As for the judicial system in the United States, the corruption rises like cream to the very top.  At least two Supreme Court justices have been found to have accepted lavish gifts worth millions of dollars from individuals and corporations who had cases before the court.  Yet both remain on the Supreme Court, above the law.  During his two impeachment trials, Trump was found innocent by American legislators who were not concerned with right or wrong but only worried about Republican and Democrat.     

Wolfe argues that America’s decline can be traced back to Ronald Reagan’s trickle-down economic policies which began creating the wealth gap that today has a few thousand billionaires sharing the country with almost 37 million people (11% of the population) who live under the poverty line.  More than half a million of those are homeless.

The America of the mid-twentieth century, Wolfe points out, was the envy of the world.  That is no longer the case.  Nor is America the dominant economic force that it was in the post-WWII era when it emerged all but unscathed from the global conflict.
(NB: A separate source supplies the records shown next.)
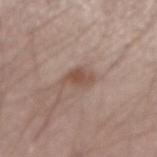Q: Is there a histopathology result?
A: no biopsy performed (imaged during a skin exam)
Q: Patient demographics?
A: male, roughly 45 years of age
Q: Lesion location?
A: the left forearm
Q: What is the imaging modality?
A: 15 mm crop, total-body photography
Q: What lighting was used for the tile?
A: white-light illumination
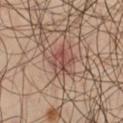{
  "biopsy_status": "not biopsied; imaged during a skin examination",
  "automated_metrics": {
    "eccentricity": 0.55,
    "shape_asymmetry": 0.25,
    "cielab_L": 46,
    "cielab_a": 21,
    "cielab_b": 24,
    "vs_skin_darker_L": 9.0,
    "vs_skin_contrast_norm": 7.0,
    "nevus_likeness_0_100": 0
  },
  "site": "left thigh",
  "lesion_size": {
    "long_diameter_mm_approx": 3.0
  },
  "image": {
    "source": "total-body photography crop",
    "field_of_view_mm": 15
  },
  "patient": {
    "sex": "male",
    "age_approx": 60
  }
}
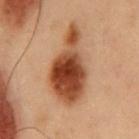Imaged during a routine full-body skin examination; the lesion was not biopsied and no histopathology is available. On the chest. A male subject aged 53 to 57. A 15 mm close-up extracted from a 3D total-body photography capture.
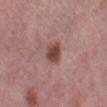Q: Was a biopsy performed?
A: catalogued during a skin exam; not biopsied
Q: Who is the patient?
A: female, approximately 50 years of age
Q: Lesion location?
A: the left lower leg
Q: What is the imaging modality?
A: ~15 mm tile from a whole-body skin photo
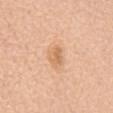<case>
<biopsy_status>not biopsied; imaged during a skin examination</biopsy_status>
<lesion_size>
  <long_diameter_mm_approx>3.0</long_diameter_mm_approx>
</lesion_size>
<patient>
  <sex>female</sex>
  <age_approx>70</age_approx>
</patient>
<lighting>white-light</lighting>
<image>
  <source>total-body photography crop</source>
  <field_of_view_mm>15</field_of_view_mm>
</image>
<site>mid back</site>
</case>

American armies have suffered humbling defeats in Vietnam and Afghanistan.  American economic dominance is being challenged by BRICS, (Brazil, Russia, India, China, South Africa) which, in the last decade, has continued to add more and more member nations.  Wolfe points out that growth in the US and in the G7 nations (US, UK, Canada, France, Germany, Italy, and Japan) has been less robust recently than that in the BRICS countries.  America, Wolfe notes, is no longer the industrial and technological leader that it once was.  Worse, it is a country that is enormously in debt ($36 trillion to start 2025) and making no effort to pay down that debt.

What does it mean for us in Quebec that the American empire (according to Richard Wolfe and others) is collapsing?

In 2018, Denys Arcand released a movie entitled La chute de l’empire americain.  However, the film is an action film (although based on a true story) and it was originally called, Le triomphe de l’argent.  It doesn’t add to Arcand’s original trilogy.

Wolfe has no specific advice for Quebecers.  He does however say that the sooner we wake up and smell the coffee, the sooner we’ll be able to adapt to a new world order.